CDB: My proposal is that the IMF could co-manage, co-manage the future systemic banking and financial crisis. When I say co-manage, it means manage with the central banks, because the IMF is not going to become a true central bank and manage with the governments. And therefore, we have to give some regulatory powers to the IMF —which is not the case today— which will be exercised with the national authorities, co-managed.

F24: What do you think of that, of a system of co-regulation?

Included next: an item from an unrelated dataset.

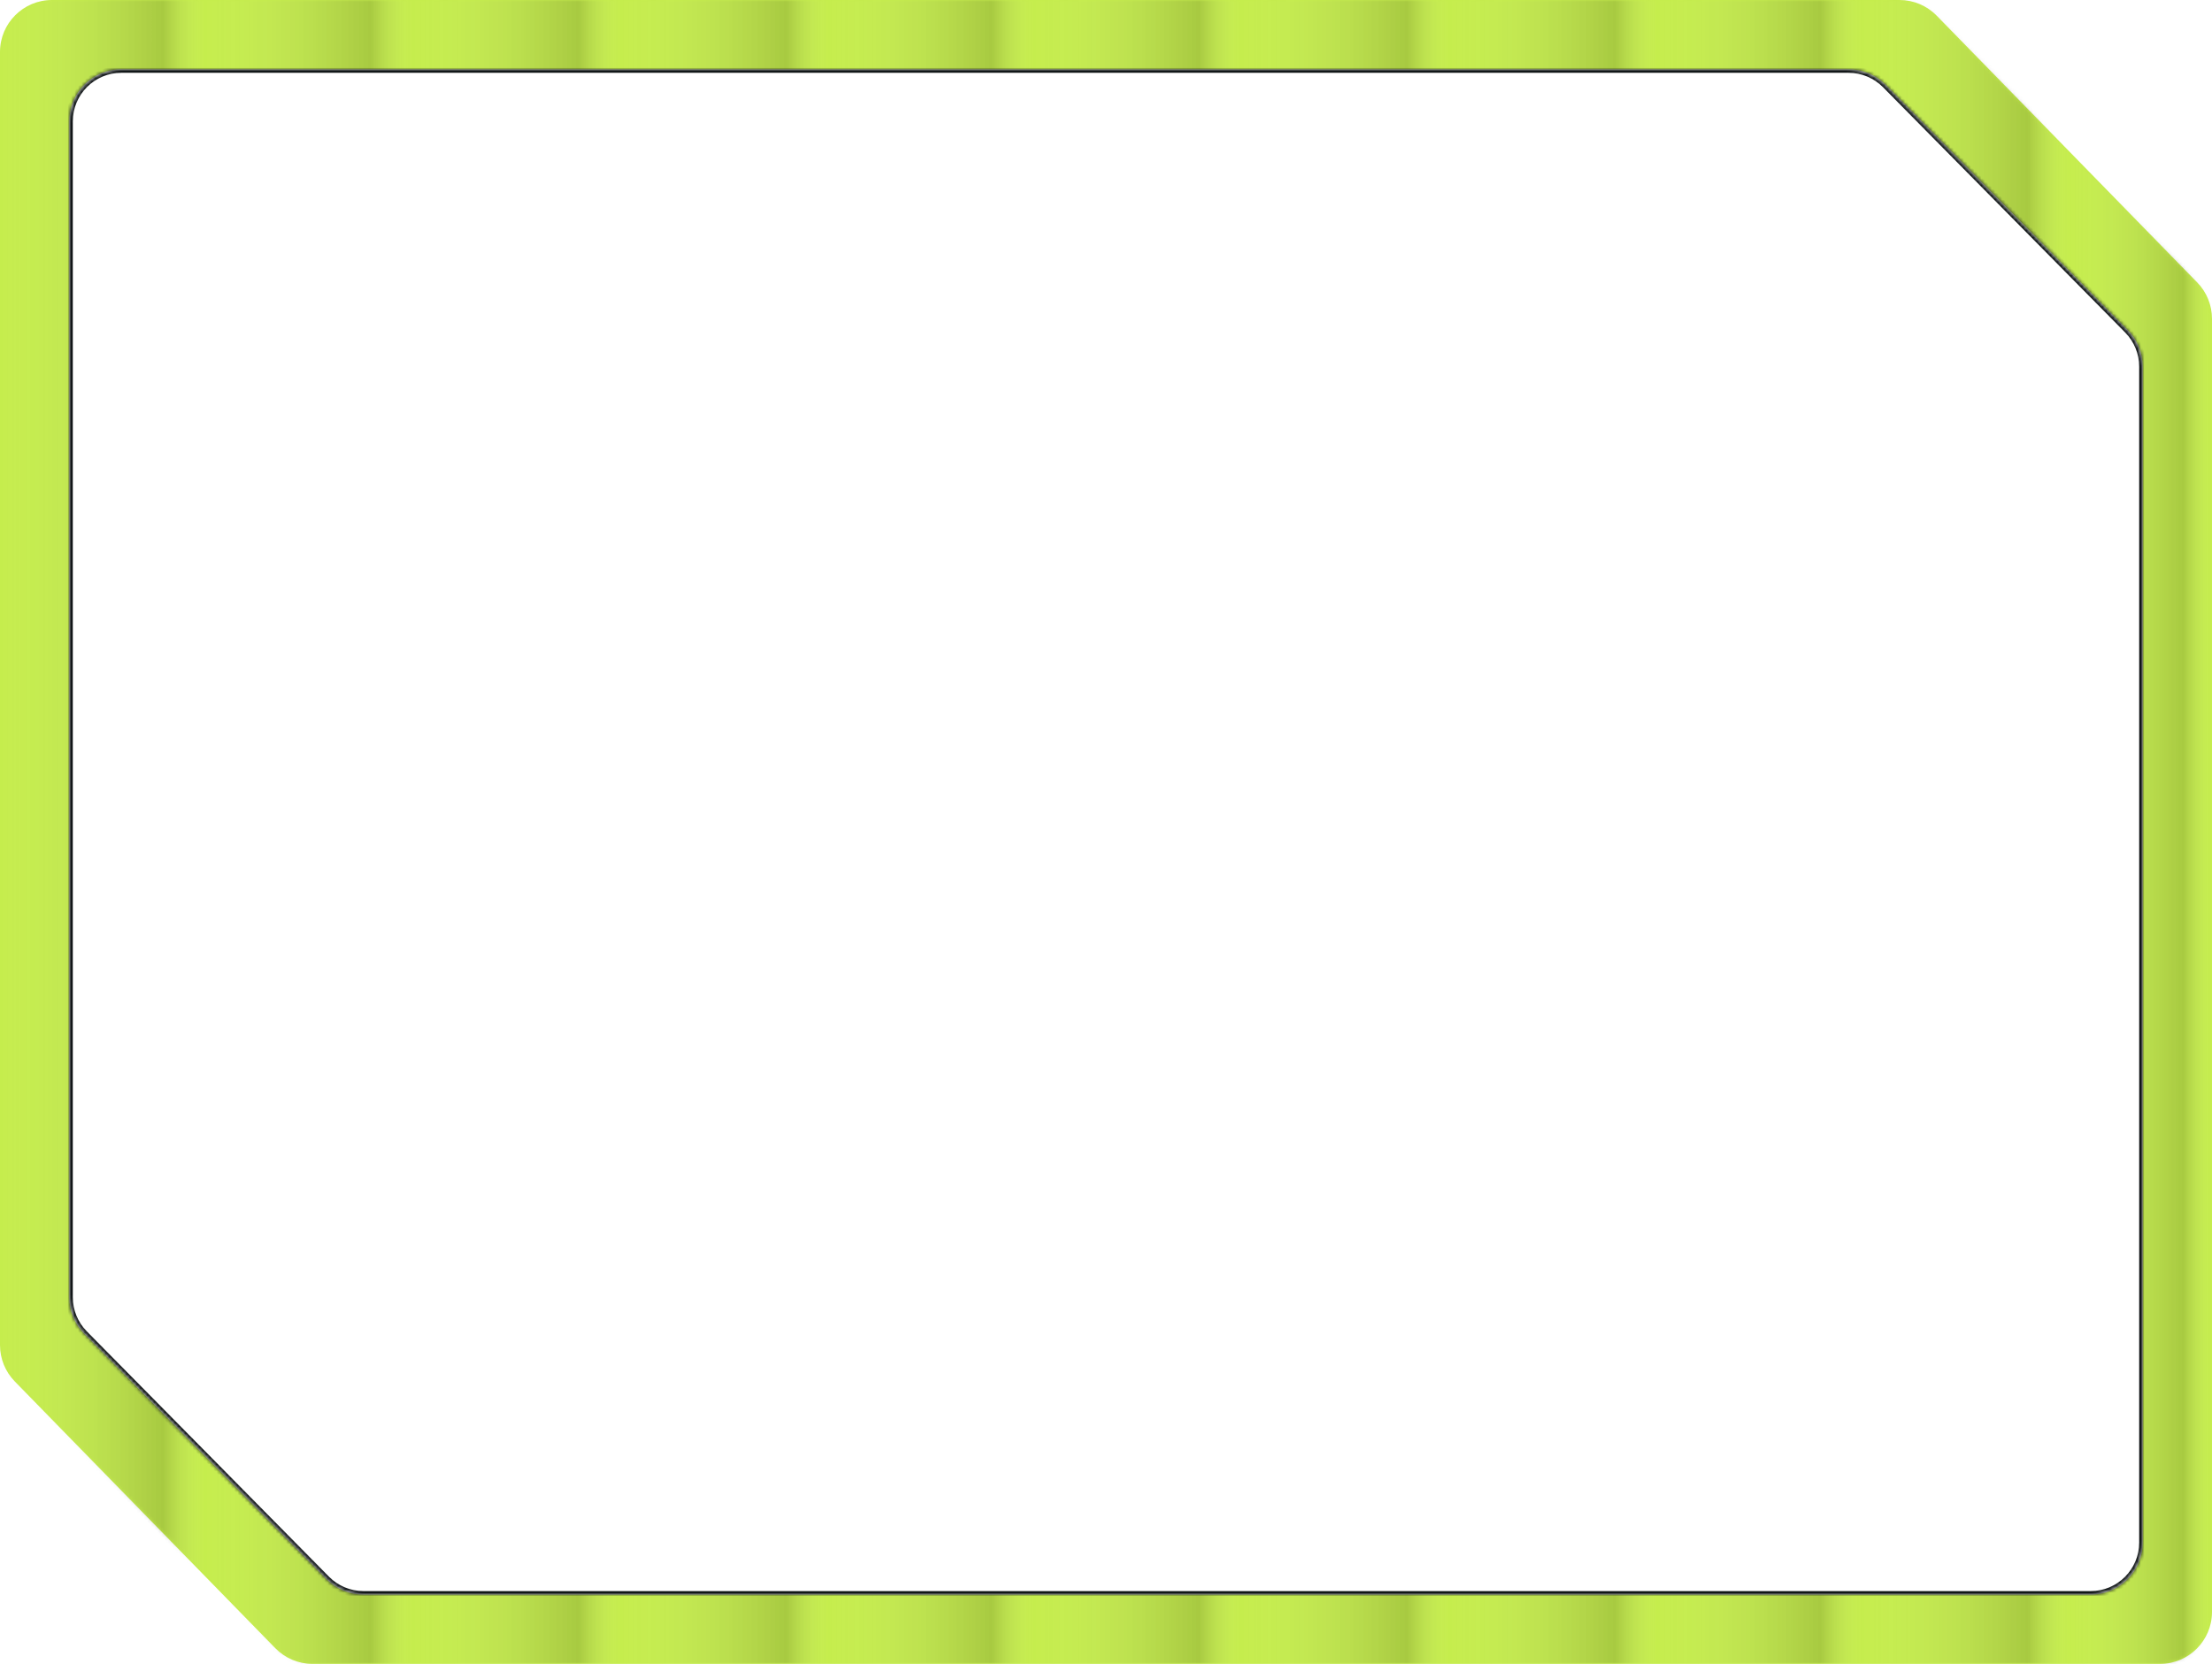 <?xml version="1.0" encoding="UTF-8"?> <svg xmlns="http://www.w3.org/2000/svg" width="638" height="480" viewBox="0 0 638 480" fill="none"> <path fill-rule="evenodd" clip-rule="evenodd" d="M15 0H547.859C551.899 0 555.769 1.63 558.591 4.521L633.732 81.476C636.468 84.278 638 88.039 638 91.955V465C638 473.284 631.284 480 623 480H90.144C86.104 480 82.235 478.37 79.412 475.479L4.268 398.521C1.532 395.719 0 391.958 0 388.041V15C0 6.716 6.716 0 15 0Z" fill="#C5ED4C"></path> <mask id="mask0_373_6" style="mask-type:alpha" maskUnits="userSpaceOnUse" x="0" y="0" width="638" height="480"> <path fill-rule="evenodd" clip-rule="evenodd" d="M15 0H547.859C551.899 0 555.769 1.63 558.591 4.521L633.732 81.476C636.468 84.278 638 88.039 638 91.955V465C638 473.284 631.284 480 623 480H90.144C86.104 480 82.235 478.37 79.412 475.479L4.268 398.521C1.532 395.719 0 391.958 0 388.041V15C0 6.716 6.716 0 15 0Z" fill="#C5ED4C"></path> </mask> <g mask="url(#mask0_373_6)"> <g style="mix-blend-mode:overlay" opacity="0.15" filter="url(#filter0_b_373_6)"> <path d="M0 15C0 6.716 6.716 0 15 0H59V540H0V15Z" fill="url(#paint0_linear_373_6)"></path> </g> <g style="mix-blend-mode:overlay" opacity="0.15" filter="url(#filter1_b_373_6)"> <rect x="59" width="60" height="540" fill="url(#paint1_linear_373_6)"></rect> </g> <g style="mix-blend-mode:overlay" opacity="0.15" filter="url(#filter2_b_373_6)"> <rect x="119" width="60" height="540" fill="url(#paint2_linear_373_6)"></rect> </g> <g style="mix-blend-mode:overlay" opacity="0.15" filter="url(#filter3_b_373_6)"> <rect x="179" width="60" height="540" fill="url(#paint3_linear_373_6)"></rect> </g> <g style="mix-blend-mode:overlay" opacity="0.15" filter="url(#filter4_b_373_6)"> <rect x="239" width="59" height="540" fill="url(#paint4_linear_373_6)"></rect> </g> <g style="mix-blend-mode:overlay" opacity="0.15" filter="url(#filter5_b_373_6)"> <rect x="478" width="59" height="540" fill="url(#paint5_linear_373_6)"></rect> </g> <g style="mix-blend-mode:overlay" opacity="0.15" filter="url(#filter6_b_373_6)"> <rect x="298" width="60" height="540" fill="url(#paint6_linear_373_6)"></rect> </g> <g style="mix-blend-mode:overlay" opacity="0.15" filter="url(#filter7_b_373_6)"> <path d="M537 0H597V540H537V0Z" fill="url(#paint7_linear_373_6)"></path> </g> <g style="mix-blend-mode:overlay" opacity="0.15" filter="url(#filter8_b_373_6)"> <path d="M597 15C597 6.716 603.716 0 612 0H623C631.284 0 638 6.716 638 15V525C638 533.284 631.284 540 623 540H612C603.716 540 597 533.284 597 525V15Z" fill="url(#paint8_linear_373_6)"></path> </g> <g style="mix-blend-mode:overlay" opacity="0.15" filter="url(#filter9_b_373_6)"> <rect x="358" width="60" height="540" fill="url(#paint9_linear_373_6)"></rect> </g> <g style="mix-blend-mode:overlay" opacity="0.15" filter="url(#filter10_b_373_6)"> <rect x="418" width="60" height="540" fill="url(#paint10_linear_373_6)"></rect> </g> </g> <mask id="path-14-inside-1_373_6" fill="white"> <path fill-rule="evenodd" clip-rule="evenodd" d="M35 20H533.162C537.174 20 541.019 21.607 543.838 24.463L613.676 95.222C616.446 98.029 618 101.814 618 105.759V445C618 453.284 611.284 460 603 460H104.841C100.829 460 96.984 458.393 94.165 455.537L24.324 384.775C21.553 381.968 20 378.183 20 374.238V35C20 26.716 26.716 20 35 20Z"></path> </mask> <path fill-rule="evenodd" clip-rule="evenodd" d="M35 20H533.162C537.174 20 541.019 21.607 543.838 24.463L613.676 95.222C616.446 98.029 618 101.814 618 105.759V445C618 453.284 611.284 460 603 460H104.841C100.829 460 96.984 458.393 94.165 455.537L24.324 384.775C21.553 381.968 20 378.183 20 374.238V35C20 26.716 26.716 20 35 20Z" fill="white"></path> <path d="M24.324 384.775L25.036 384.073L24.324 384.775ZM613.676 95.222L612.964 95.924L613.676 95.222ZM94.165 455.537L94.877 454.834L94.165 455.537ZM543.838 24.463L544.549 23.761L543.838 24.463ZM533.162 19H35V21H533.162V19ZM614.388 94.519L544.549 23.761L543.126 25.166L612.964 95.924L614.388 94.519ZM619 445V105.759H617V445H619ZM603 461C611.837 461 619 453.837 619 445H617C617 452.732 610.732 459 603 459V461ZM104.841 461H603V459H104.841V461ZM23.613 385.478L93.454 456.239L94.877 454.834L25.036 384.073L23.613 385.478ZM19 35V374.238H21V35H19ZM35 19C26.163 19 19 26.163 19 35H21C21 27.268 27.268 21 35 21V19ZM25.036 384.073C22.45 381.453 21 377.92 21 374.238H19C19 378.445 20.657 382.483 23.613 385.478L25.036 384.073ZM612.964 95.924C615.55 98.544 617 102.077 617 105.759H619C619 101.552 617.343 97.514 614.388 94.519L612.964 95.924ZM104.841 459C101.096 459 97.507 457.5 94.877 454.834L93.454 456.239C96.46 459.285 100.561 461 104.841 461V459ZM533.162 21C536.907 21 540.495 22.5 543.126 25.166L544.549 23.761C541.543 20.715 537.442 19 533.162 19V21Z" fill="#111617" mask="url(#path-14-inside-1_373_6)"></path> <defs> <filter id="filter0_b_373_6" x="-128.062" y="-128.062" width="315.125" height="796.125" filterUnits="userSpaceOnUse" color-interpolation-filters="sRGB"> <feFlood flood-opacity="0" result="BackgroundImageFix"></feFlood> <feGaussianBlur in="BackgroundImageFix" stdDeviation="64.031"></feGaussianBlur> <feComposite in2="SourceAlpha" operator="in" result="effect1_backgroundBlur_373_6"></feComposite> <feBlend mode="normal" in="SourceGraphic" in2="effect1_backgroundBlur_373_6" result="shape"></feBlend> </filter> <filter id="filter1_b_373_6" x="-69.062" y="-128.062" width="316.125" height="796.125" filterUnits="userSpaceOnUse" color-interpolation-filters="sRGB"> <feFlood flood-opacity="0" result="BackgroundImageFix"></feFlood> <feGaussianBlur in="BackgroundImageFix" stdDeviation="64.031"></feGaussianBlur> <feComposite in2="SourceAlpha" operator="in" result="effect1_backgroundBlur_373_6"></feComposite> <feBlend mode="normal" in="SourceGraphic" in2="effect1_backgroundBlur_373_6" result="shape"></feBlend> </filter> <filter id="filter2_b_373_6" x="-9.062" y="-128.062" width="316.125" height="796.125" filterUnits="userSpaceOnUse" color-interpolation-filters="sRGB"> <feFlood flood-opacity="0" result="BackgroundImageFix"></feFlood> <feGaussianBlur in="BackgroundImageFix" stdDeviation="64.031"></feGaussianBlur> <feComposite in2="SourceAlpha" operator="in" result="effect1_backgroundBlur_373_6"></feComposite> <feBlend mode="normal" in="SourceGraphic" in2="effect1_backgroundBlur_373_6" result="shape"></feBlend> </filter> <filter id="filter3_b_373_6" x="50.938" y="-128.062" width="316.125" height="796.125" filterUnits="userSpaceOnUse" color-interpolation-filters="sRGB"> <feFlood flood-opacity="0" result="BackgroundImageFix"></feFlood> <feGaussianBlur in="BackgroundImageFix" stdDeviation="64.031"></feGaussianBlur> <feComposite in2="SourceAlpha" operator="in" result="effect1_backgroundBlur_373_6"></feComposite> <feBlend mode="normal" in="SourceGraphic" in2="effect1_backgroundBlur_373_6" result="shape"></feBlend> </filter> <filter id="filter4_b_373_6" x="110.938" y="-128.062" width="315.125" height="796.125" filterUnits="userSpaceOnUse" color-interpolation-filters="sRGB"> <feFlood flood-opacity="0" result="BackgroundImageFix"></feFlood> <feGaussianBlur in="BackgroundImageFix" stdDeviation="64.031"></feGaussianBlur> <feComposite in2="SourceAlpha" operator="in" result="effect1_backgroundBlur_373_6"></feComposite> <feBlend mode="normal" in="SourceGraphic" in2="effect1_backgroundBlur_373_6" result="shape"></feBlend> </filter> <filter id="filter5_b_373_6" x="349.938" y="-128.062" width="315.125" height="796.125" filterUnits="userSpaceOnUse" color-interpolation-filters="sRGB"> <feFlood flood-opacity="0" result="BackgroundImageFix"></feFlood> <feGaussianBlur in="BackgroundImageFix" stdDeviation="64.031"></feGaussianBlur> <feComposite in2="SourceAlpha" operator="in" result="effect1_backgroundBlur_373_6"></feComposite> <feBlend mode="normal" in="SourceGraphic" in2="effect1_backgroundBlur_373_6" result="shape"></feBlend> </filter> <filter id="filter6_b_373_6" x="169.938" y="-128.062" width="316.125" height="796.125" filterUnits="userSpaceOnUse" color-interpolation-filters="sRGB"> <feFlood flood-opacity="0" result="BackgroundImageFix"></feFlood> <feGaussianBlur in="BackgroundImageFix" stdDeviation="64.031"></feGaussianBlur> <feComposite in2="SourceAlpha" operator="in" result="effect1_backgroundBlur_373_6"></feComposite> <feBlend mode="normal" in="SourceGraphic" in2="effect1_backgroundBlur_373_6" result="shape"></feBlend> </filter> <filter id="filter7_b_373_6" x="408.938" y="-128.062" width="316.125" height="796.125" filterUnits="userSpaceOnUse" color-interpolation-filters="sRGB"> <feFlood flood-opacity="0" result="BackgroundImageFix"></feFlood> <feGaussianBlur in="BackgroundImageFix" stdDeviation="64.031"></feGaussianBlur> <feComposite in2="SourceAlpha" operator="in" result="effect1_backgroundBlur_373_6"></feComposite> <feBlend mode="normal" in="SourceGraphic" in2="effect1_backgroundBlur_373_6" result="shape"></feBlend> </filter> <filter id="filter8_b_373_6" x="468.938" y="-128.062" width="297.125" height="796.125" filterUnits="userSpaceOnUse" color-interpolation-filters="sRGB"> <feFlood flood-opacity="0" result="BackgroundImageFix"></feFlood> <feGaussianBlur in="BackgroundImageFix" stdDeviation="64.031"></feGaussianBlur> <feComposite in2="SourceAlpha" operator="in" result="effect1_backgroundBlur_373_6"></feComposite> <feBlend mode="normal" in="SourceGraphic" in2="effect1_backgroundBlur_373_6" result="shape"></feBlend> </filter> <filter id="filter9_b_373_6" x="229.938" y="-128.062" width="316.125" height="796.125" filterUnits="userSpaceOnUse" color-interpolation-filters="sRGB"> <feFlood flood-opacity="0" result="BackgroundImageFix"></feFlood> <feGaussianBlur in="BackgroundImageFix" stdDeviation="64.031"></feGaussianBlur> <feComposite in2="SourceAlpha" operator="in" result="effect1_backgroundBlur_373_6"></feComposite> <feBlend mode="normal" in="SourceGraphic" in2="effect1_backgroundBlur_373_6" result="shape"></feBlend> </filter> <filter id="filter10_b_373_6" x="289.938" y="-128.062" width="316.125" height="796.125" filterUnits="userSpaceOnUse" color-interpolation-filters="sRGB"> <feFlood flood-opacity="0" result="BackgroundImageFix"></feFlood> <feGaussianBlur in="BackgroundImageFix" stdDeviation="64.031"></feGaussianBlur> <feComposite in2="SourceAlpha" operator="in" result="effect1_backgroundBlur_373_6"></feComposite> <feBlend mode="normal" in="SourceGraphic" in2="effect1_backgroundBlur_373_6" result="shape"></feBlend> </filter> <linearGradient id="paint0_linear_373_6" x1="9.12801e-07" y1="204.505" x2="59" y2="204.505" gradientUnits="userSpaceOnUse"> <stop stop-color="white" stop-opacity="0.05"></stop> <stop offset="0.797"></stop> <stop offset="1" stop-color="white" stop-opacity="0.05"></stop> </linearGradient> <linearGradient id="paint1_linear_373_6" x1="59" y1="204.505" x2="119" y2="204.505" gradientUnits="userSpaceOnUse"> <stop stop-color="white" stop-opacity="0.05"></stop> <stop offset="0.797"></stop> <stop offset="1" stop-color="white" stop-opacity="0.05"></stop> </linearGradient> <linearGradient id="paint2_linear_373_6" x1="119" y1="204.505" x2="179" y2="204.505" gradientUnits="userSpaceOnUse"> <stop stop-color="white" stop-opacity="0.05"></stop> <stop offset="0.797"></stop> <stop offset="1" stop-color="white" stop-opacity="0.05"></stop> </linearGradient> <linearGradient id="paint3_linear_373_6" x1="179" y1="204.505" x2="239" y2="204.505" gradientUnits="userSpaceOnUse"> <stop stop-color="white" stop-opacity="0.05"></stop> <stop offset="0.797"></stop> <stop offset="1" stop-color="white" stop-opacity="0.05"></stop> </linearGradient> <linearGradient id="paint4_linear_373_6" x1="239" y1="204.505" x2="298" y2="204.505" gradientUnits="userSpaceOnUse"> <stop stop-color="white" stop-opacity="0.05"></stop> <stop offset="0.797"></stop> <stop offset="1" stop-color="white" stop-opacity="0.05"></stop> </linearGradient> <linearGradient id="paint5_linear_373_6" x1="478" y1="204.505" x2="537" y2="204.505" gradientUnits="userSpaceOnUse"> <stop stop-color="white" stop-opacity="0.05"></stop> <stop offset="0.797"></stop> <stop offset="1" stop-color="white" stop-opacity="0.05"></stop> </linearGradient> <linearGradient id="paint6_linear_373_6" x1="298" y1="204.505" x2="358" y2="204.505" gradientUnits="userSpaceOnUse"> <stop stop-color="white" stop-opacity="0.05"></stop> <stop offset="0.797"></stop> <stop offset="1" stop-color="white" stop-opacity="0.05"></stop> </linearGradient> <linearGradient id="paint7_linear_373_6" x1="537" y1="204.505" x2="597" y2="204.505" gradientUnits="userSpaceOnUse"> <stop stop-color="white" stop-opacity="0.05"></stop> <stop offset="0.797"></stop> <stop offset="1" stop-color="white" stop-opacity="0.05"></stop> </linearGradient> <linearGradient id="paint8_linear_373_6" x1="597" y1="204.505" x2="638" y2="204.505" gradientUnits="userSpaceOnUse"> <stop stop-color="white" stop-opacity="0.05"></stop> <stop offset="0.797"></stop> <stop offset="1" stop-color="white" stop-opacity="0.05"></stop> </linearGradient> <linearGradient id="paint9_linear_373_6" x1="358" y1="204.505" x2="418" y2="204.505" gradientUnits="userSpaceOnUse"> <stop stop-color="white" stop-opacity="0.05"></stop> <stop offset="0.797"></stop> <stop offset="1" stop-color="white" stop-opacity="0.05"></stop> </linearGradient> <linearGradient id="paint10_linear_373_6" x1="418" y1="204.505" x2="478" y2="204.505" gradientUnits="userSpaceOnUse"> <stop stop-color="white" stop-opacity="0.05"></stop> <stop offset="0.797"></stop> <stop offset="1" stop-color="white" stop-opacity="0.05"></stop> </linearGradient> </defs> </svg>

JC: The same people that are responsible for the mess in which we are, cannot be called upon to solve it. And I am very doubtful when I see Alan Greenspan as special advisor to M. Gordon Brown in England; when I see Michel Camdessus, the former head of the IMF, called upon to lead the French agency to refinance the banks in France, and worse, since that is a conflict of interest. I'm shocked and really furious when I see Henry Paulson calling M. Neel Kashkari, who's from Goldman Sachs, to rule over the 700 billion dollars of the Paulson plan! I would say, if I can make a joke: No Sachs next night! No more Sachs!

CDB: This is a different point than the one I was making.

JC: Yes, You are an expert and I am a politician.

CDB: In my view, I want to avoid any kind of conflict of interest.

JC: Good!

CDB: The debate about if we have to give some regulatory powers to the IMF which could be exercised jointly with the national authorities, this is an important question. And it is also a political question.

F24: But who should then provide the oversight, if it's not the people who, in your view, are responsible for the mess?

JC: Well, I have been calling for a New Bretton Woods since years and years, and my American friend Lyndon LaRouche also has called for a New Bretton Woods, and we denounced derivatives right at their beginning. He denounced them in 1993, whereas George Soros, who is now talking and talking, created the derivatives and created the hedge funds. So, that's what I meant when I said that those responsible for the crisis should not be put in a position to speak, and speak about how to solve it. The doctor that made the good diagnosis should be one that should be in charge of curing the patient.

F24: I'm sorry we have to end here, so Christian can't even have the last word since we ran out of time. Thank you, etc.